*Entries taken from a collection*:
------------------------------

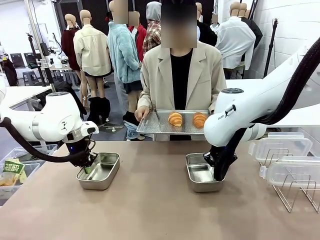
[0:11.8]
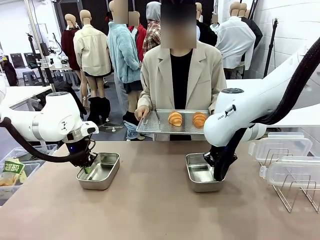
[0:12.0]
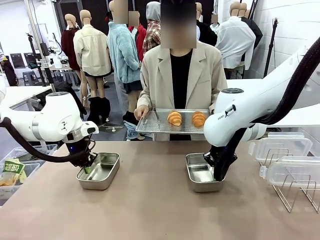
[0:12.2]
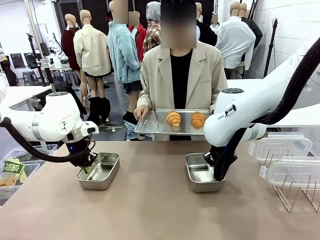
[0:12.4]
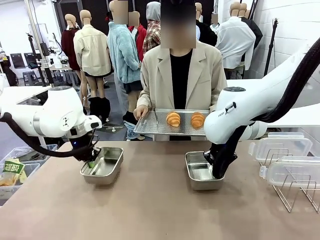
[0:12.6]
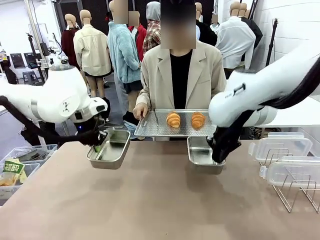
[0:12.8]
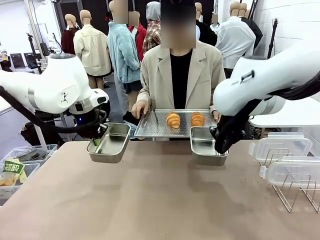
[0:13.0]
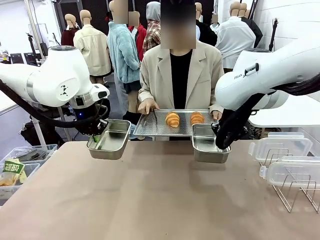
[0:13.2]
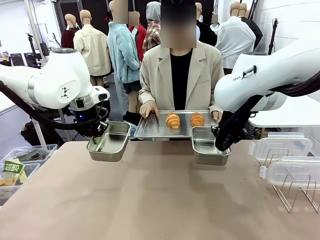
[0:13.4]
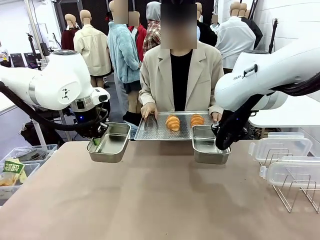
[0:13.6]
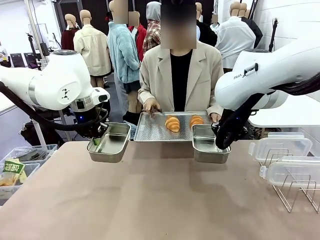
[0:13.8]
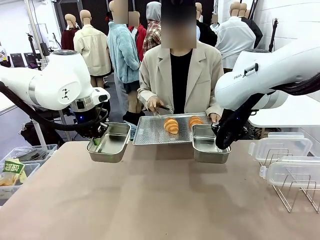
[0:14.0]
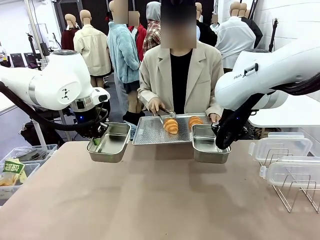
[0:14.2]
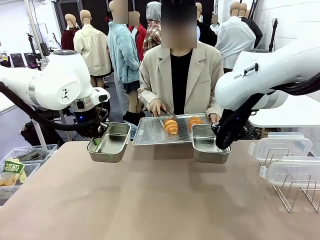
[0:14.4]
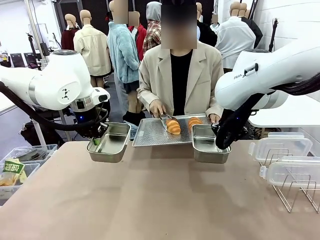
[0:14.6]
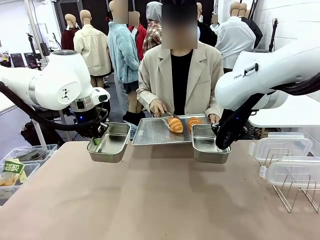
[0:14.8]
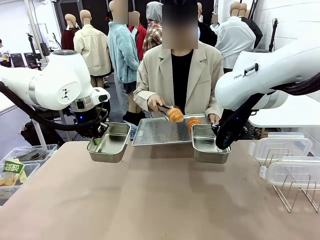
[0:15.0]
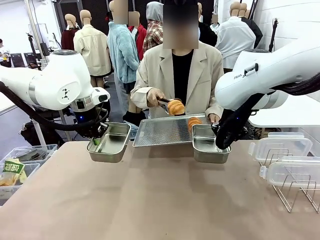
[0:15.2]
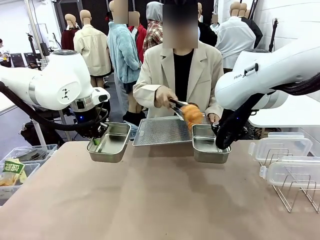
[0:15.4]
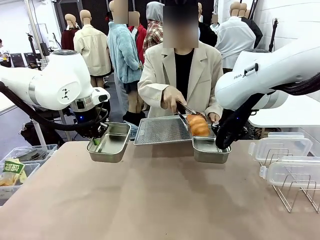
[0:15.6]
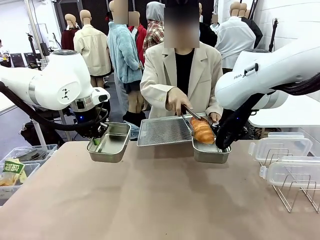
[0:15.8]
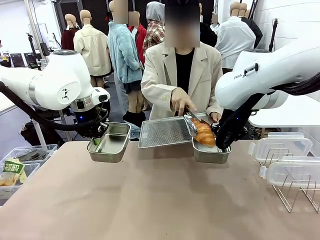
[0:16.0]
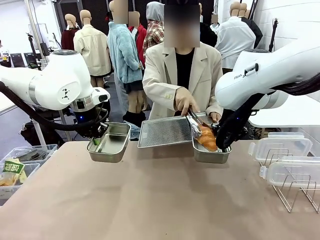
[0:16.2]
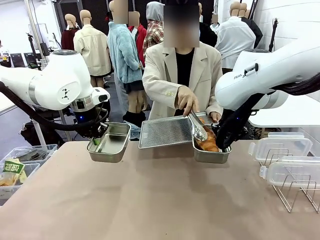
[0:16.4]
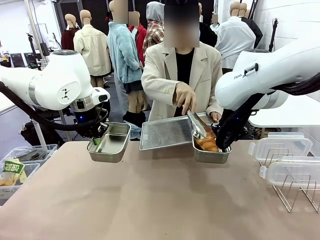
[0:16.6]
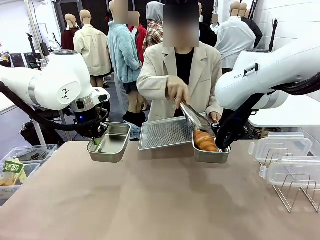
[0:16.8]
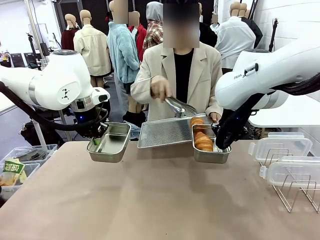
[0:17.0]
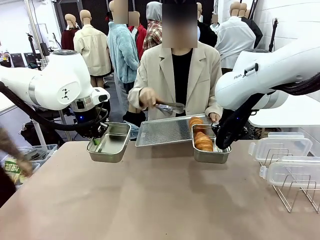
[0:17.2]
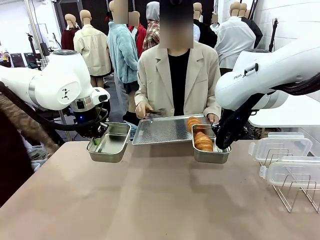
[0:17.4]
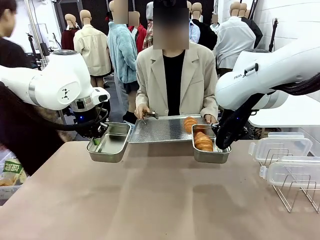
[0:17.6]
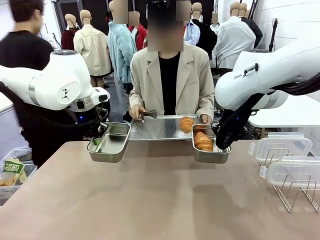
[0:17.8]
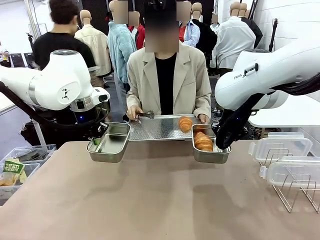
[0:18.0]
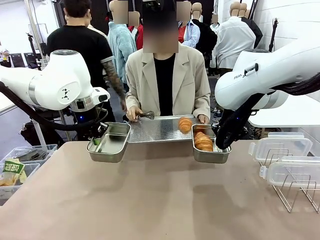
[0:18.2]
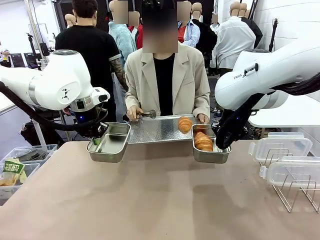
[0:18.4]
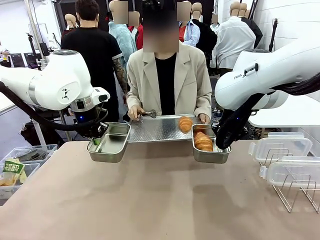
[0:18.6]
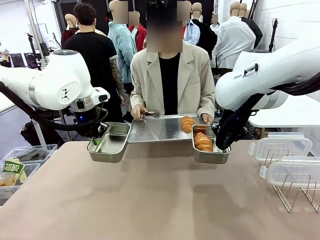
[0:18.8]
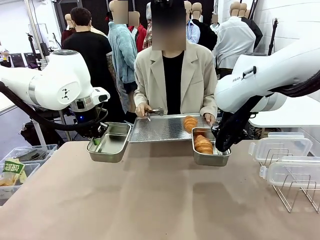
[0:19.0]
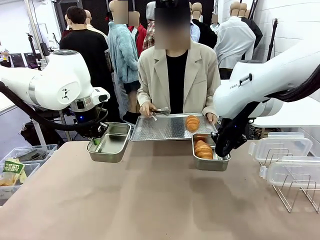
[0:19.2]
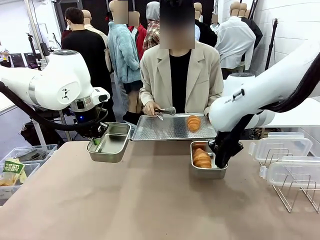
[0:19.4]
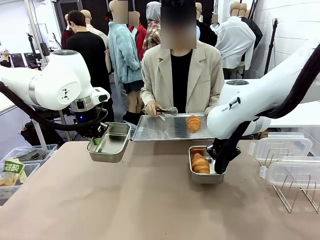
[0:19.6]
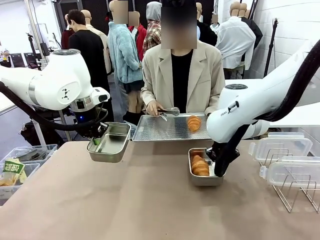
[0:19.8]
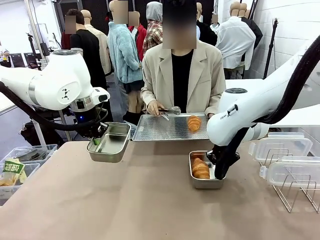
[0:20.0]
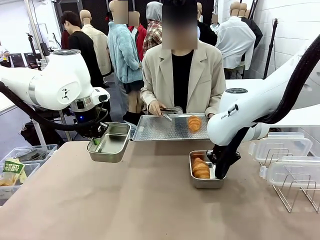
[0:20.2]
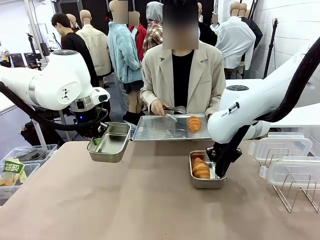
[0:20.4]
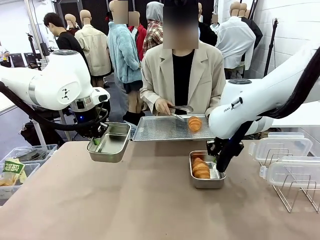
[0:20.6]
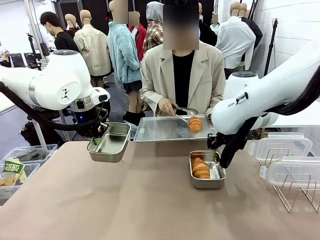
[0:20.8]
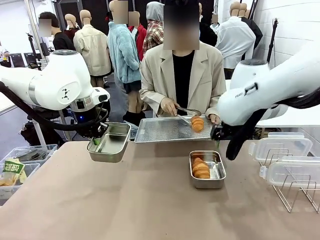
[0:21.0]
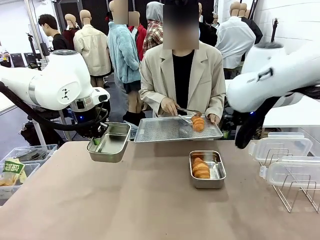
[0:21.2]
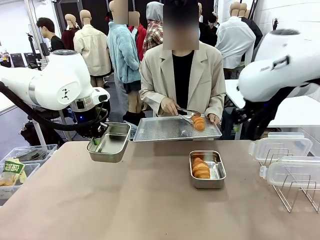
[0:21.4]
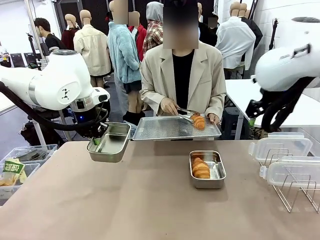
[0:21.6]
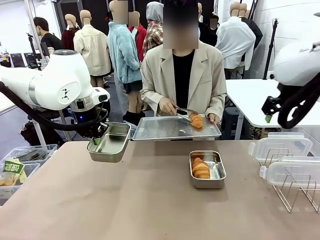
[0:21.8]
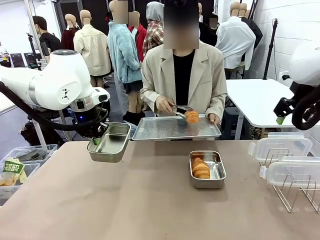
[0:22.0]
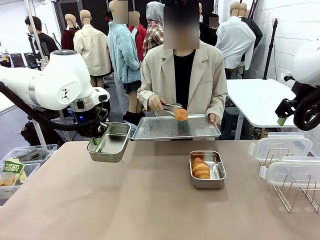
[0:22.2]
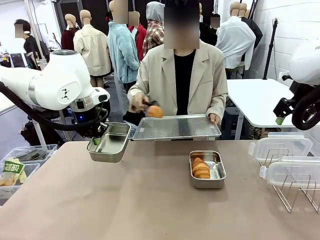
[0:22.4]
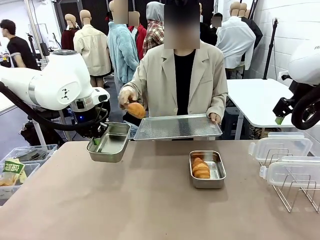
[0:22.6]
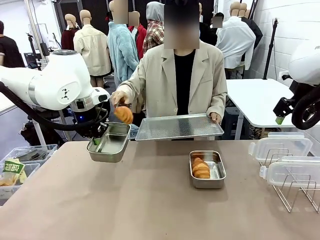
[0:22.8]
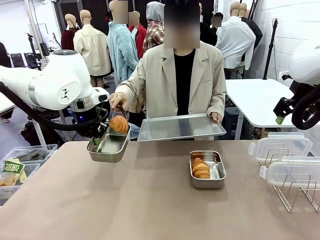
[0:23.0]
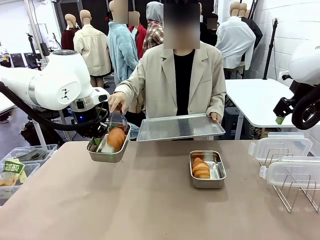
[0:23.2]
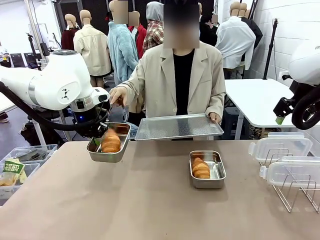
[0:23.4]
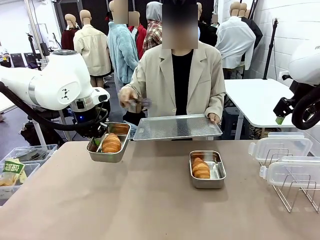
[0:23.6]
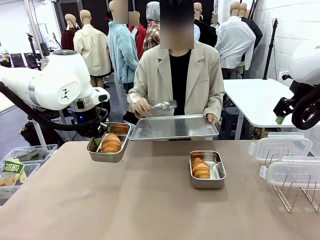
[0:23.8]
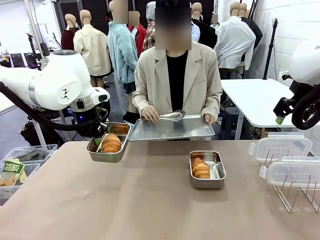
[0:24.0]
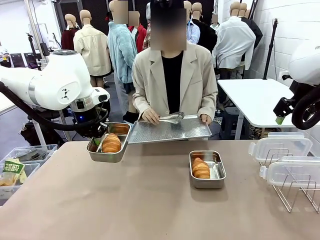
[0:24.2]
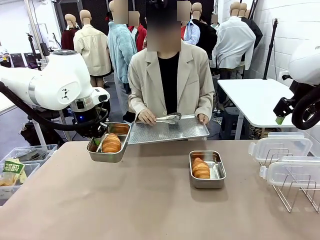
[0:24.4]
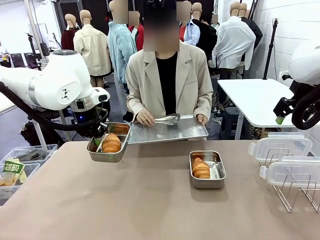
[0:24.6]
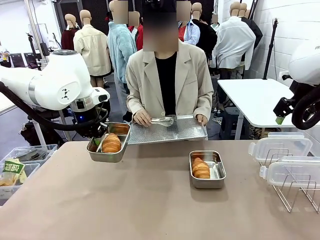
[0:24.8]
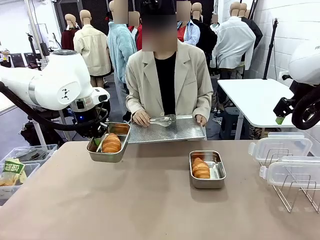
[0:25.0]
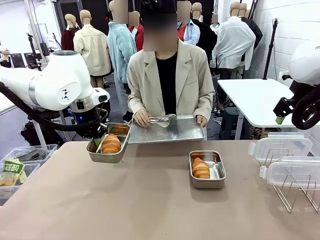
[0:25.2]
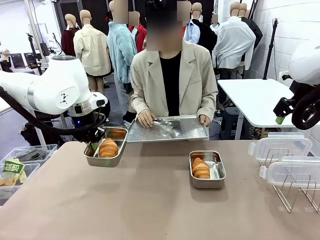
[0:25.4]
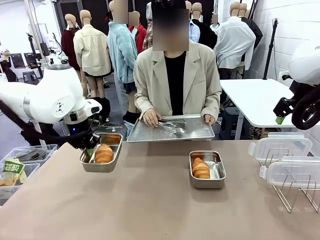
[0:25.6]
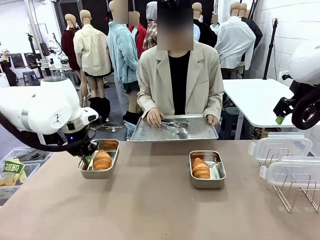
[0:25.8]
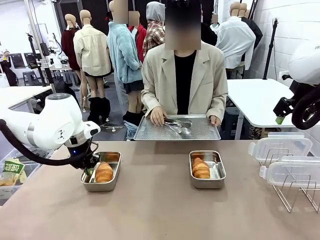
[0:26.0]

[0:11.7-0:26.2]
Task: Place the bread in airtight containers.
Robot: Once an object is inside an Airtight Container , place the container in the center of the table.
Person: Use the Stainless steel tongs to place one object from Baking Sheet into one Airtight Container.

------------------------------

Repeat the records above verbatim, dropping the pictures.

*Result of this exercise*:
[0:11.8]
[0:12.0]
[0:12.2]
[0:12.4]
[0:12.6]
[0:12.8]
[0:13.0]
[0:13.2]
[0:13.4]
[0:13.6]
[0:13.8]
[0:14.0]
[0:14.2]
[0:14.4]
[0:14.6]
[0:14.8]
[0:15.0]
[0:15.2]
[0:15.4]
[0:15.6]
[0:15.8]
[0:16.0]
[0:16.2]
[0:16.4]
[0:16.6]
[0:16.8]
[0:17.0]
[0:17.2]
[0:17.4]
[0:17.6]
[0:17.8]
[0:18.0]
[0:18.2]
[0:18.4]
[0:18.6]
[0:18.8]
[0:19.0]
[0:19.2]
[0:19.4]
[0:19.6]
[0:19.8]
[0:20.0]
[0:20.2]
[0:20.4]
[0:20.6]
[0:20.8]
[0:21.0]
[0:21.2]
[0:21.4]
[0:21.6]
[0:21.8]
[0:22.0]
[0:22.2]
[0:22.4]
[0:22.6]
[0:22.8]
[0:23.0]
[0:23.2]
[0:23.4]
[0:23.6]
[0:23.8]
[0:24.0]
[0:24.2]
[0:24.4]
[0:24.6]
[0:24.8]
[0:25.0]
[0:25.2]
[0:25.4]
[0:25.6]
[0:25.8]
[0:26.0]

[0:11.7-0:26.2]
Task: Place the bread in airtight containers.
Robot: Once an object is inside an Airtight Container , place the container in the center of the table.
Person: Use the Stainless steel tongs to place one object from Baking Sheet into one Airtight Container.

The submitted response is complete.